# Given information
···
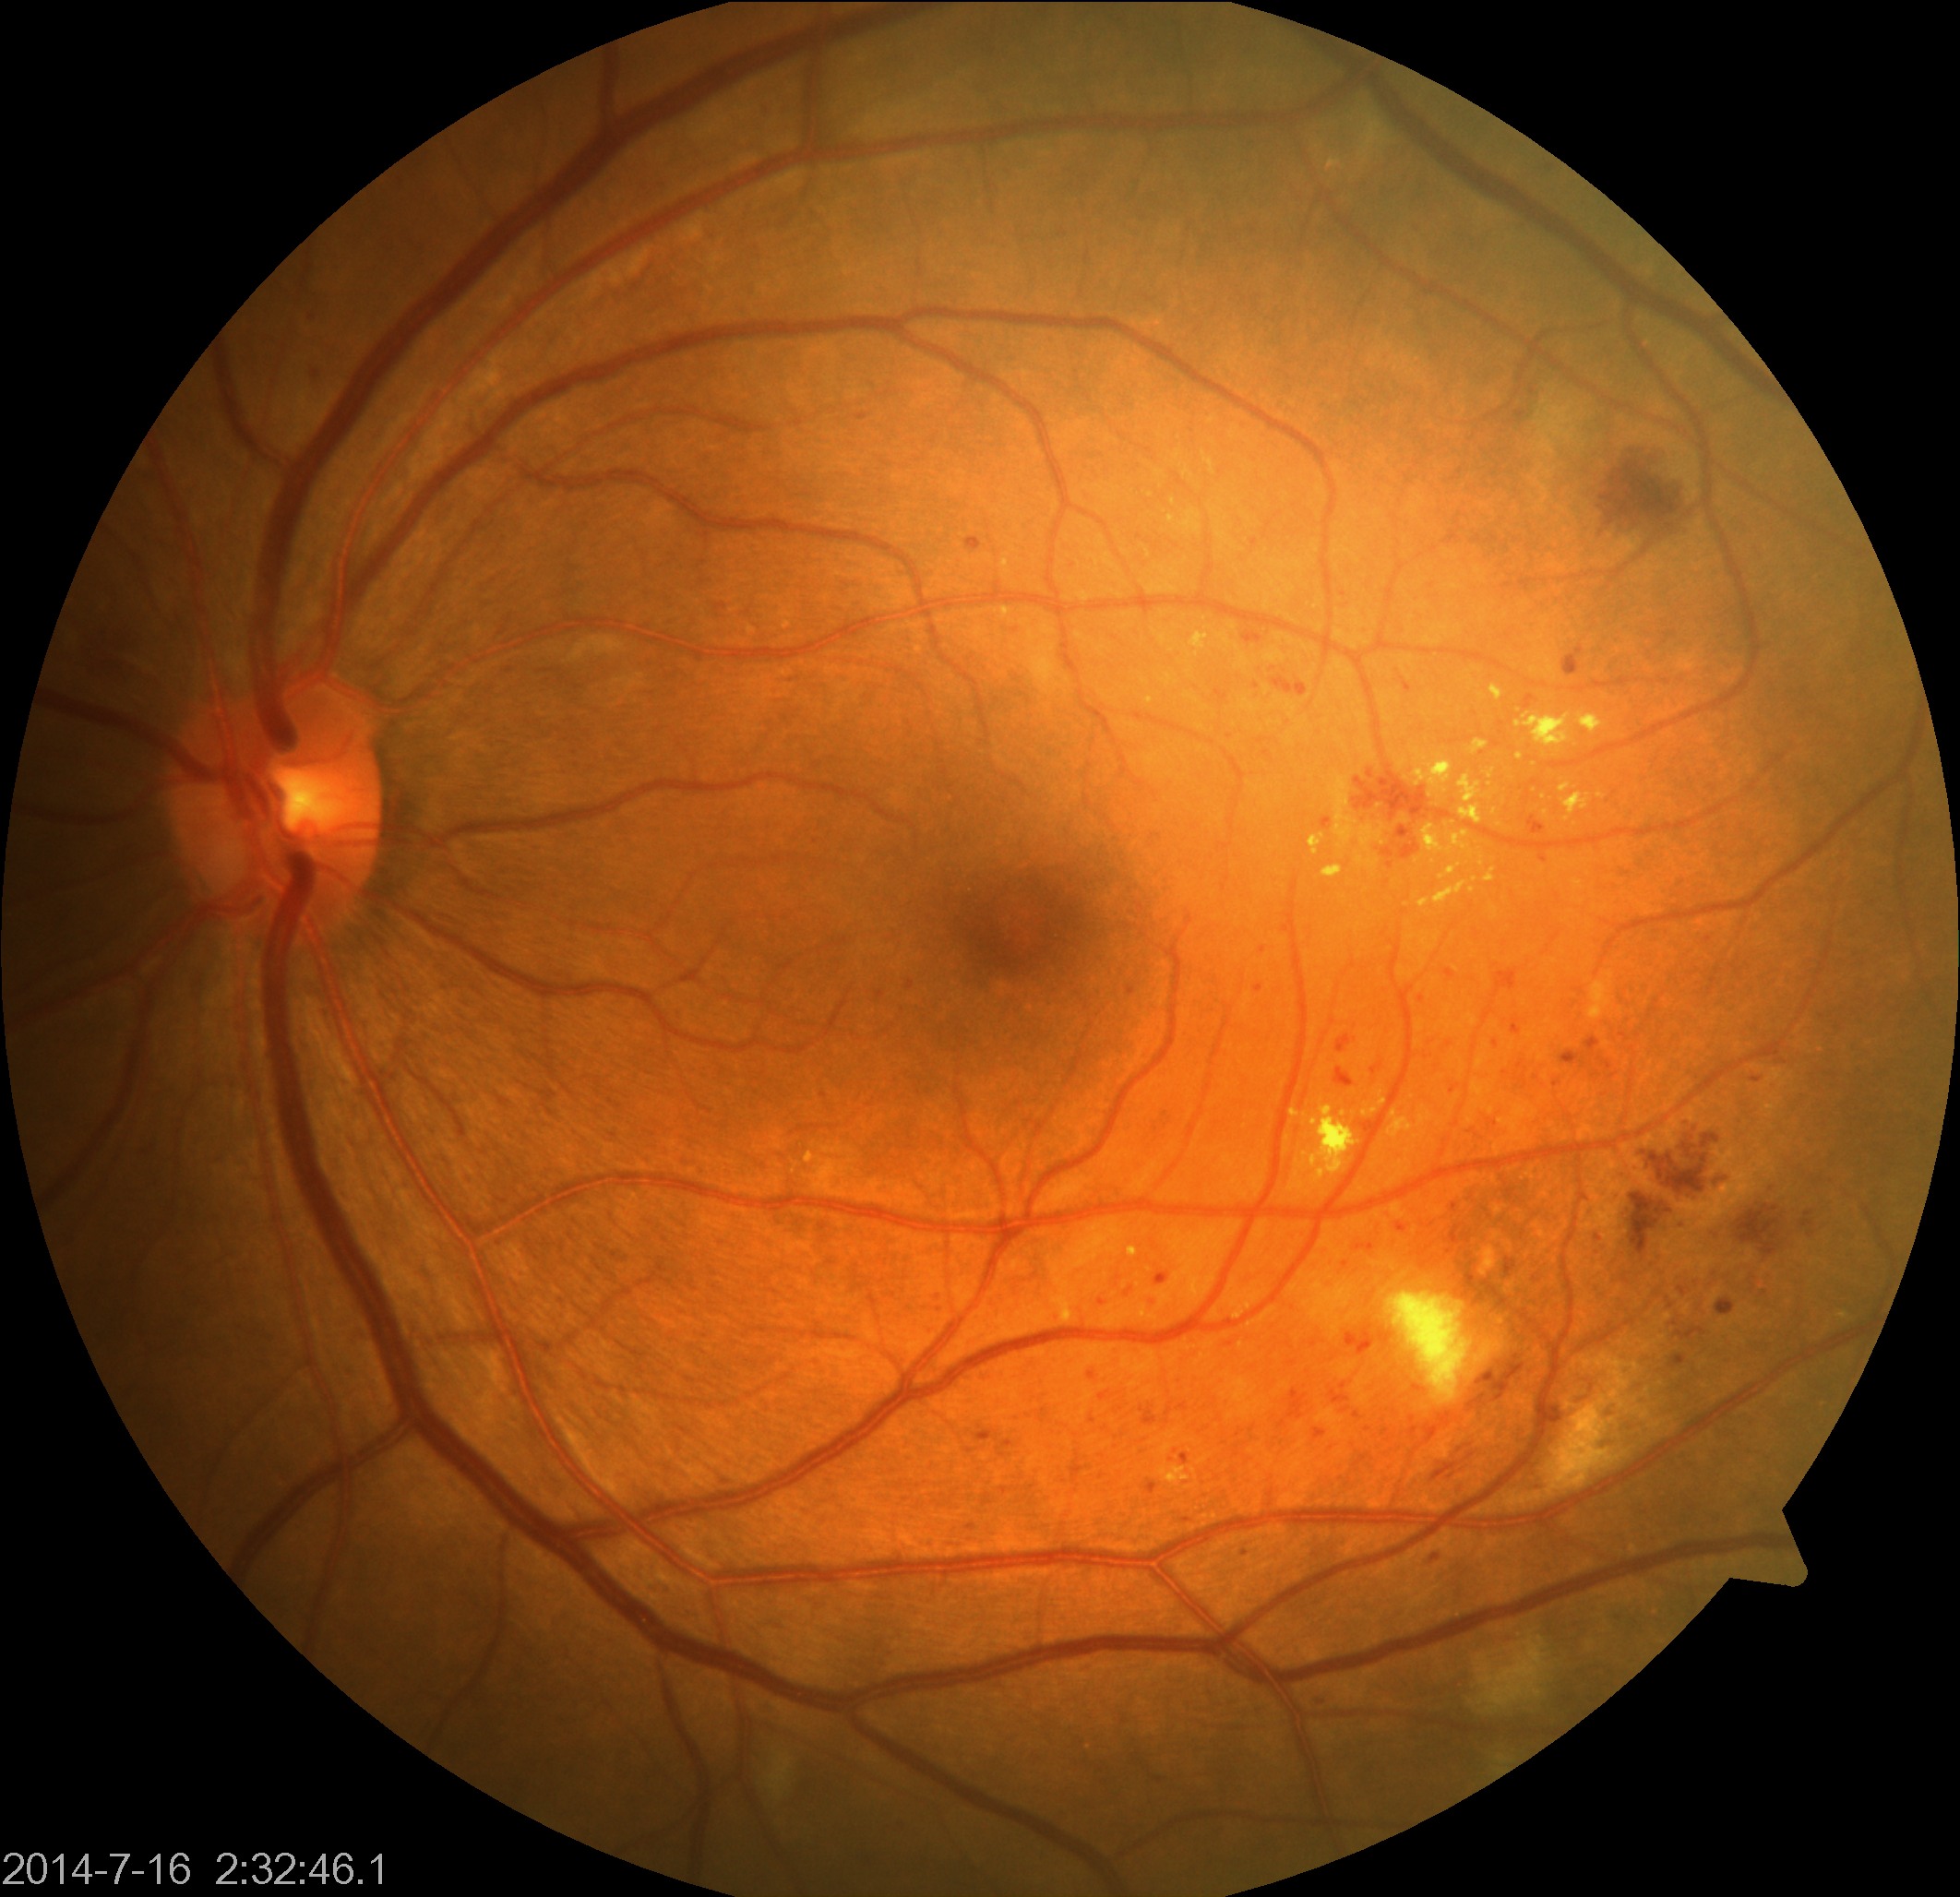

The image shows moderate non-proliferative diabetic retinopathy.
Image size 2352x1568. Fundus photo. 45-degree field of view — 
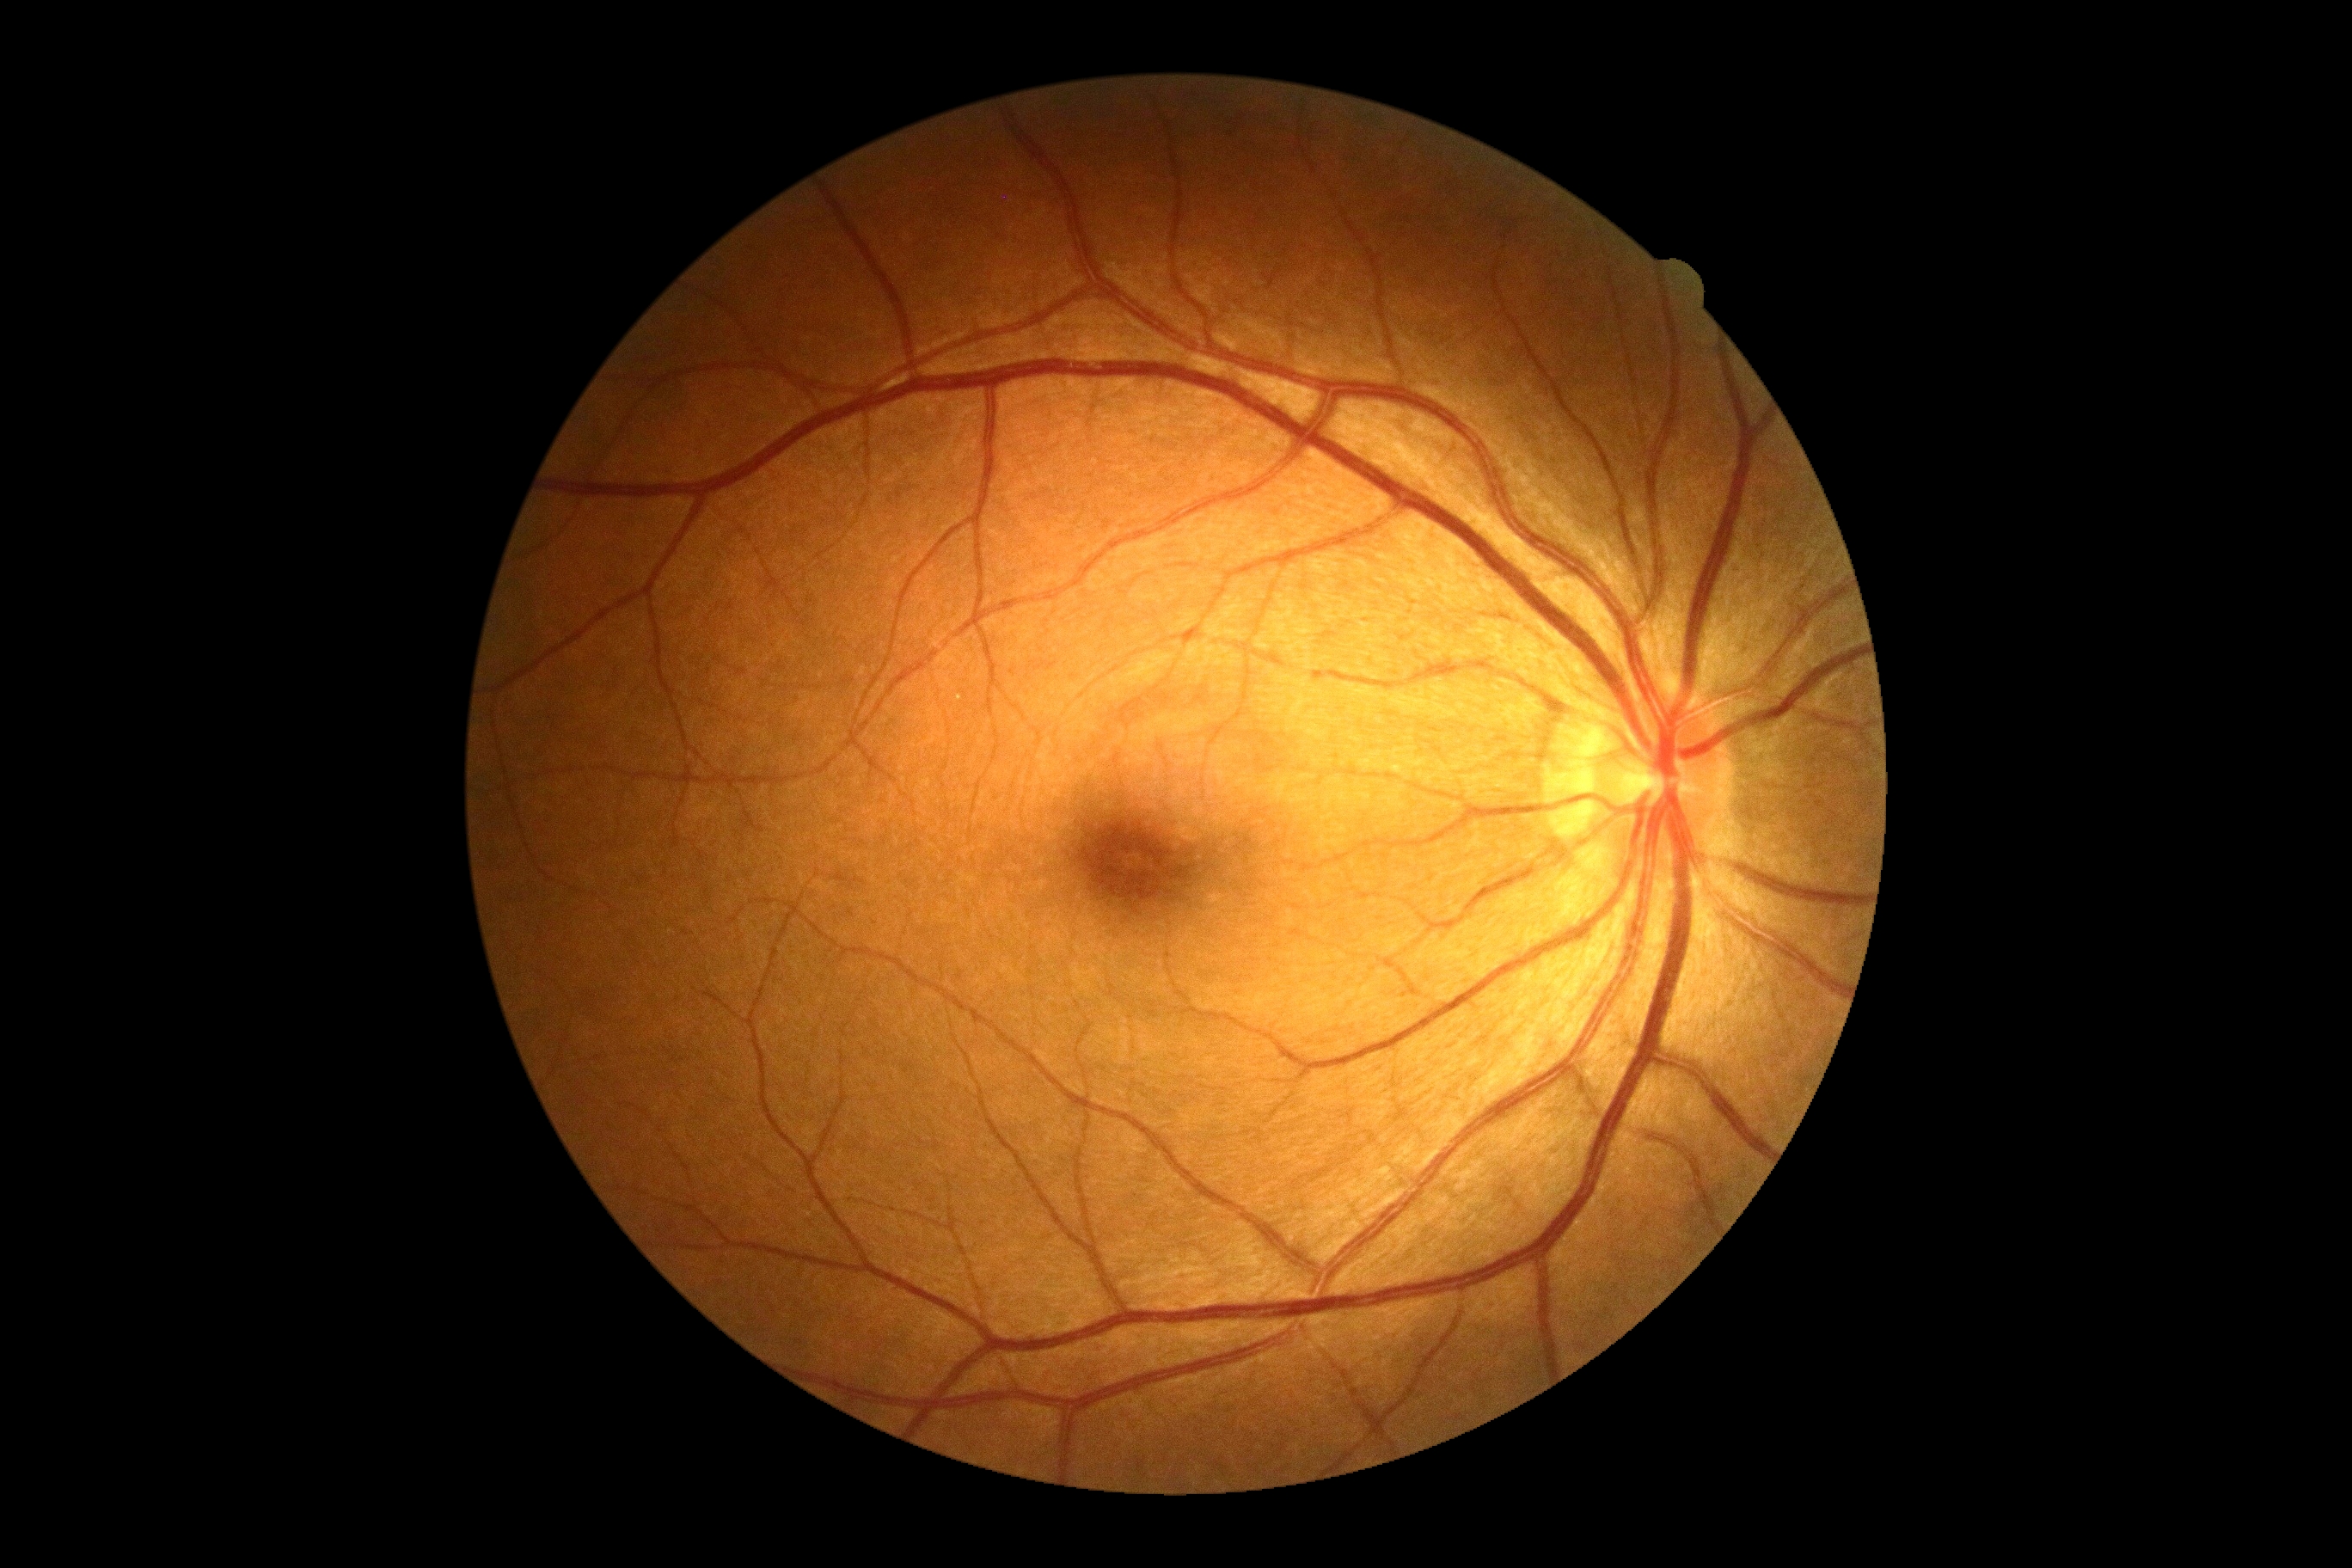 DR: grade 0 (no apparent retinopathy) — no visible signs of diabetic retinopathy.
···
# What is required
No pictures should appear in the copy. Print exactly the lines above from the line containing "Image size 2352x1568." through the last line of the data.

# Answer below
Image size 2352x1568. Fundus photo. 45-degree field of view — 
 DR: grade 0 (no apparent retinopathy) — no visible signs of diabetic retinopathy.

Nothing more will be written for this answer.